▶ _Work request_
Write out every line below that contains "CIRCLE".

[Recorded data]
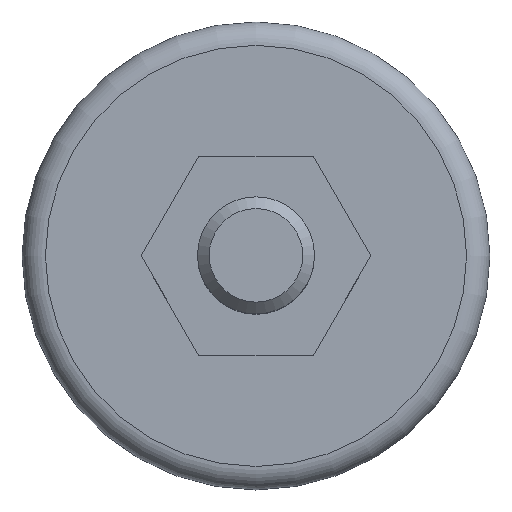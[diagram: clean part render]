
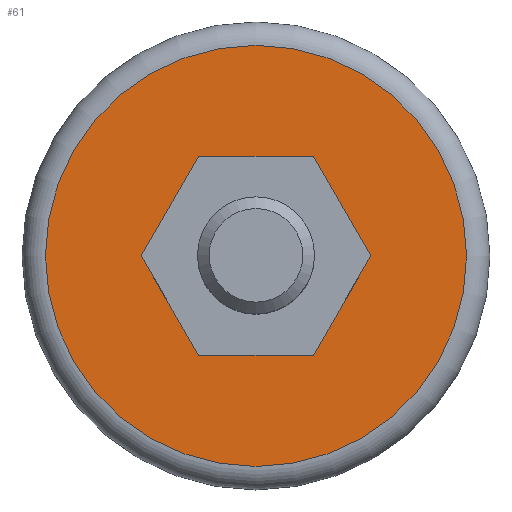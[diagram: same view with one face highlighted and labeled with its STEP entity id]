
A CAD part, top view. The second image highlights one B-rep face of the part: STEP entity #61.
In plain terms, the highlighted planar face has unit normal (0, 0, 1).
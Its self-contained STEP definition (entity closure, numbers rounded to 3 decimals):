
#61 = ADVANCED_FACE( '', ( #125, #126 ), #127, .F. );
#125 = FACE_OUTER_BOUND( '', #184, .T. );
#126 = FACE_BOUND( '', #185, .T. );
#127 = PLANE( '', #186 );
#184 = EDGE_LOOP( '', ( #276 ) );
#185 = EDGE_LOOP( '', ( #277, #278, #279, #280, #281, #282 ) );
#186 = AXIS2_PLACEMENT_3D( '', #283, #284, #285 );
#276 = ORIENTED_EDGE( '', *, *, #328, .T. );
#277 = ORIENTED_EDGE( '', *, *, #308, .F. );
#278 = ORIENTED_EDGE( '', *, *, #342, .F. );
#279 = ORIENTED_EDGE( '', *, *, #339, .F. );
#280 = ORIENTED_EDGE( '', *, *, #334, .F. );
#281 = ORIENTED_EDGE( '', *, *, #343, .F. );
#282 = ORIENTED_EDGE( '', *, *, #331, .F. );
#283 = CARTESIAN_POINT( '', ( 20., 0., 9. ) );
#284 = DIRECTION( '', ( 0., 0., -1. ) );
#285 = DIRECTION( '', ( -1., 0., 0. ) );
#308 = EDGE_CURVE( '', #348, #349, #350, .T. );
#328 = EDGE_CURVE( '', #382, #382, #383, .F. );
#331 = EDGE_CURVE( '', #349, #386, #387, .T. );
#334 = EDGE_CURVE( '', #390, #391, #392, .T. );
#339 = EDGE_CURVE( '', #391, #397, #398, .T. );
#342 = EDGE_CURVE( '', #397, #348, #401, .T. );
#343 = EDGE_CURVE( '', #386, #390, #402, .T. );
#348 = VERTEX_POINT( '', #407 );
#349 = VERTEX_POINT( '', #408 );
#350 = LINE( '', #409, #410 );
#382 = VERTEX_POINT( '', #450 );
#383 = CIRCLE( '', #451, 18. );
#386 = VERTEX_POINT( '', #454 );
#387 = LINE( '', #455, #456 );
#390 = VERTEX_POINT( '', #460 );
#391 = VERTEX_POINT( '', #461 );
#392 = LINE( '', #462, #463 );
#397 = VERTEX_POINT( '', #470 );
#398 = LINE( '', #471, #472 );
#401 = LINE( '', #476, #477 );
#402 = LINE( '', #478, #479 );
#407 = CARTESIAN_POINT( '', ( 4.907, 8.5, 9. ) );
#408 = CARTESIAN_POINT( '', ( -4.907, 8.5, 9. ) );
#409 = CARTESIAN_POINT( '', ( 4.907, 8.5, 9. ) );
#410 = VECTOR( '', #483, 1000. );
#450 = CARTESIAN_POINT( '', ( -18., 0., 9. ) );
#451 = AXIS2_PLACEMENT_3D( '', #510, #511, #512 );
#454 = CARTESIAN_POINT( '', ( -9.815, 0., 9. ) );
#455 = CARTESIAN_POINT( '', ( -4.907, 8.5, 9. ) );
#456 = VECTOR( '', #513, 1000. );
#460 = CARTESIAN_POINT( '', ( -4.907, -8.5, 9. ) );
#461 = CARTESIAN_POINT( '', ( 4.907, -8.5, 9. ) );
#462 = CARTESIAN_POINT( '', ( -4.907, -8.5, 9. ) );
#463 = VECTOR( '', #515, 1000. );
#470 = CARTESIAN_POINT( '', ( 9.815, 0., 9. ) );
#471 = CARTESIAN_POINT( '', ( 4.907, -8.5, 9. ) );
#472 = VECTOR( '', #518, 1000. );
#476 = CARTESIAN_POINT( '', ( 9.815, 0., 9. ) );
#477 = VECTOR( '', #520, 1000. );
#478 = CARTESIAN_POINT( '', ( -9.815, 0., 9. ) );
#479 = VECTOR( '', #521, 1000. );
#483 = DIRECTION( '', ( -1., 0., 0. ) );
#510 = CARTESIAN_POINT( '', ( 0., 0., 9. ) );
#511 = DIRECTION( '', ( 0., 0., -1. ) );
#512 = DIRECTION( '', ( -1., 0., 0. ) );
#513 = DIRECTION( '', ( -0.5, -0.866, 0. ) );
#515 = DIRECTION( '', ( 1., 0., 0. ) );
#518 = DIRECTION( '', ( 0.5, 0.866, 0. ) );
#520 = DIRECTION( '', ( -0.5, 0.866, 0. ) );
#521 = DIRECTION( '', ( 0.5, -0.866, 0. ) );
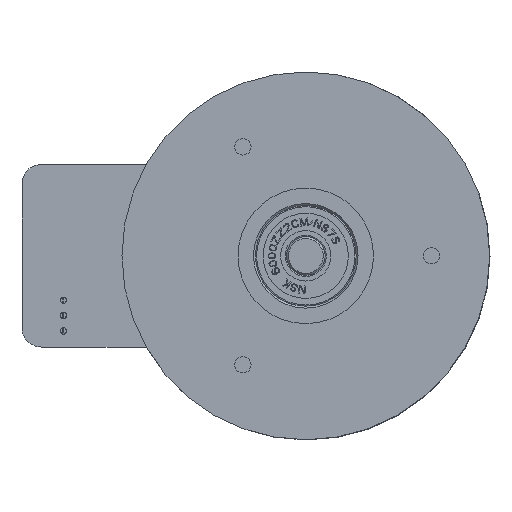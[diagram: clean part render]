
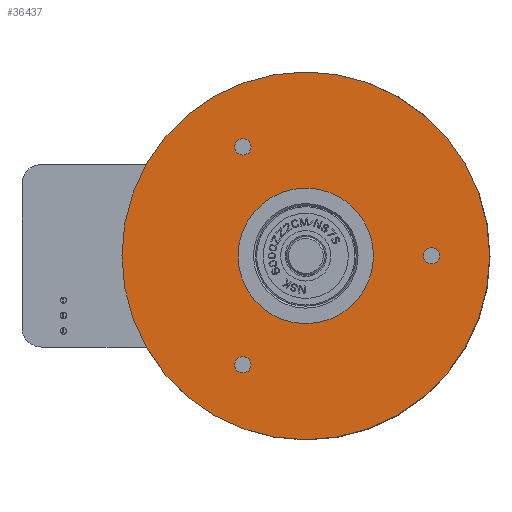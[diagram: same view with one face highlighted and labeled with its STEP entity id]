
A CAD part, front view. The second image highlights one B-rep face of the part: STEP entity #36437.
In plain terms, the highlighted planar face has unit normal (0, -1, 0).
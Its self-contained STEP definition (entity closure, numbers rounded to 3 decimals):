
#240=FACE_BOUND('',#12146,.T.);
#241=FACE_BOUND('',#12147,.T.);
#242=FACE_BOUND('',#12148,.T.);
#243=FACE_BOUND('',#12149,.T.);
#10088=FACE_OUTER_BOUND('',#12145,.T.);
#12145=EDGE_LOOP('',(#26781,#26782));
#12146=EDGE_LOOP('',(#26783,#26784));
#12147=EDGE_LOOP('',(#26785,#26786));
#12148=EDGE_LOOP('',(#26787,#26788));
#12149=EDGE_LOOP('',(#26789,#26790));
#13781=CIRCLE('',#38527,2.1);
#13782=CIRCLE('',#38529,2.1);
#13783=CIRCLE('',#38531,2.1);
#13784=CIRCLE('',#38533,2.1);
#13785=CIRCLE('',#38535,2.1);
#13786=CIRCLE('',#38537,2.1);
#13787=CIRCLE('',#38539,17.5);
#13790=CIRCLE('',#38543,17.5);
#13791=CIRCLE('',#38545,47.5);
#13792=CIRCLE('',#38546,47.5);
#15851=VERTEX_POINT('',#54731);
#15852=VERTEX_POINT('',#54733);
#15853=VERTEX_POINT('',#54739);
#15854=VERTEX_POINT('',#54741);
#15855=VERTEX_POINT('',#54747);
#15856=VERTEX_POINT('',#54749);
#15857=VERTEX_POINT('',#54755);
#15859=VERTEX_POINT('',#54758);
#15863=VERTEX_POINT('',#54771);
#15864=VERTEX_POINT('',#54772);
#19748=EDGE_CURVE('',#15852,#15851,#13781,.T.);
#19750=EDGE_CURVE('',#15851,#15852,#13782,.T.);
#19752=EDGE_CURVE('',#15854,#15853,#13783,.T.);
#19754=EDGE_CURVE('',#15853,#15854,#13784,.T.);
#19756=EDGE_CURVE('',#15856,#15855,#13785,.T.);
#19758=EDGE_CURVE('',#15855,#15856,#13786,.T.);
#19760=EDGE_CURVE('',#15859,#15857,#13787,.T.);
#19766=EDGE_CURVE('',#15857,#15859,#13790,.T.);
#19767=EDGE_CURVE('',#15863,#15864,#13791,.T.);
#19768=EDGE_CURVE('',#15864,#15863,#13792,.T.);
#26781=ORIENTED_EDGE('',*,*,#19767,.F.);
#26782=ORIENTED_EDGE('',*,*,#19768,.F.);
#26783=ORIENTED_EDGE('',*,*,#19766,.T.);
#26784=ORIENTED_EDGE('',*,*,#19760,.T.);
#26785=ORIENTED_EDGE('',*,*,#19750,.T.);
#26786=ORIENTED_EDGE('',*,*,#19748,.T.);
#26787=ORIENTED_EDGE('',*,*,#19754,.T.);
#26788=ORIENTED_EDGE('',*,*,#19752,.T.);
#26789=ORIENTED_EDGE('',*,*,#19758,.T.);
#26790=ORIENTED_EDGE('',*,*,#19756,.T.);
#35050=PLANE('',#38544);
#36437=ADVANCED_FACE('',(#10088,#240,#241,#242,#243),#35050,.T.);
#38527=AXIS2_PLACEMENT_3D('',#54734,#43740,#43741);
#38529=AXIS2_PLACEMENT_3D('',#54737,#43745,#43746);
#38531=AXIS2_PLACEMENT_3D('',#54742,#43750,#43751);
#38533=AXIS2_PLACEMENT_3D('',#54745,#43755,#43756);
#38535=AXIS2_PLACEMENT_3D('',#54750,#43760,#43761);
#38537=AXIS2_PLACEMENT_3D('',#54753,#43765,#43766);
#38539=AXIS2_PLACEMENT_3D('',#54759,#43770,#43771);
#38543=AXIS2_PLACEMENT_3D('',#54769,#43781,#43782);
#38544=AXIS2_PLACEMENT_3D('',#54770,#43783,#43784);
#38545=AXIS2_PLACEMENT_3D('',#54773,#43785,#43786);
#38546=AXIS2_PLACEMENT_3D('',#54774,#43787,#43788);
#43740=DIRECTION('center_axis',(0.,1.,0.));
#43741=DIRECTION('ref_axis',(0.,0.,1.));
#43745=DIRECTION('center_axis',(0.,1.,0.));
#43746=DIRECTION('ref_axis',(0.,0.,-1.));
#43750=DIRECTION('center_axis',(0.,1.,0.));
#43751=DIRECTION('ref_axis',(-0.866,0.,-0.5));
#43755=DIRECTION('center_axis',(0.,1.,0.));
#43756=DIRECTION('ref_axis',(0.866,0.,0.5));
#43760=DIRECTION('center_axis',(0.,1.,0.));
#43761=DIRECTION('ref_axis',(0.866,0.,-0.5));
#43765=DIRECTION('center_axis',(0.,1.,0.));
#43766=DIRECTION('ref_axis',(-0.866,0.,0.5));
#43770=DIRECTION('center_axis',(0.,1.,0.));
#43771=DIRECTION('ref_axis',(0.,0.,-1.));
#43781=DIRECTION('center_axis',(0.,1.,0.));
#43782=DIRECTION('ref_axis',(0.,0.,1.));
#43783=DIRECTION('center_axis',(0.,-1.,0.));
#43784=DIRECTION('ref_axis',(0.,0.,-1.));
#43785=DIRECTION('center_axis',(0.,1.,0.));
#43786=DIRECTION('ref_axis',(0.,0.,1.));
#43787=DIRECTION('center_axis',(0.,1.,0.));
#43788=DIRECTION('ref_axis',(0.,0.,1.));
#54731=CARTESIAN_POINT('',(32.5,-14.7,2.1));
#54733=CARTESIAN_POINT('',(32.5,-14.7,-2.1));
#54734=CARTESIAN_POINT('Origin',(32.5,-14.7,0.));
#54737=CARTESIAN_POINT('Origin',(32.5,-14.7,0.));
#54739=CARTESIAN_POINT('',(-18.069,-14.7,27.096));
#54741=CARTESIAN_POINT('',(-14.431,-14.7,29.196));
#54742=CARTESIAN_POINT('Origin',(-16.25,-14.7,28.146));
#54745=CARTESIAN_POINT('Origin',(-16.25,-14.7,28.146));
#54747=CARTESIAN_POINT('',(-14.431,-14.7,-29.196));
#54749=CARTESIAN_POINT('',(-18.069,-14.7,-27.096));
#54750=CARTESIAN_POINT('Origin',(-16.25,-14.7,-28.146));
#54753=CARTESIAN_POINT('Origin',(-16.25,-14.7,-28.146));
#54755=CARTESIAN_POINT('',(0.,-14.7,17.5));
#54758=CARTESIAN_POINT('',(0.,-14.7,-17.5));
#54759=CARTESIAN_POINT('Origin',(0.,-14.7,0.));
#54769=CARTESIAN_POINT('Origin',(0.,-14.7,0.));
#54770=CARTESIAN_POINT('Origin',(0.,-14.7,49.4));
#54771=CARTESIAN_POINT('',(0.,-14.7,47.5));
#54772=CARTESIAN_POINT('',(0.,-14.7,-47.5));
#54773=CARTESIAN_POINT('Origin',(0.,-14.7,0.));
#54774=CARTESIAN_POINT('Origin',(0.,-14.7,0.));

▶ _Your solution_
#383 = CIRCLE( '', #451, 18. );
#13781=CIRCLE('',#38527,2.1);
#13782=CIRCLE('',#38529,2.1);
#13783=CIRCLE('',#38531,2.1);
#13784=CIRCLE('',#38533,2.1);
#13785=CIRCLE('',#38535,2.1);
#13786=CIRCLE('',#38537,2.1);
#13787=CIRCLE('',#38539,17.5);
#13790=CIRCLE('',#38543,17.5);
#13791=CIRCLE('',#38545,47.5);
#13792=CIRCLE('',#38546,47.5);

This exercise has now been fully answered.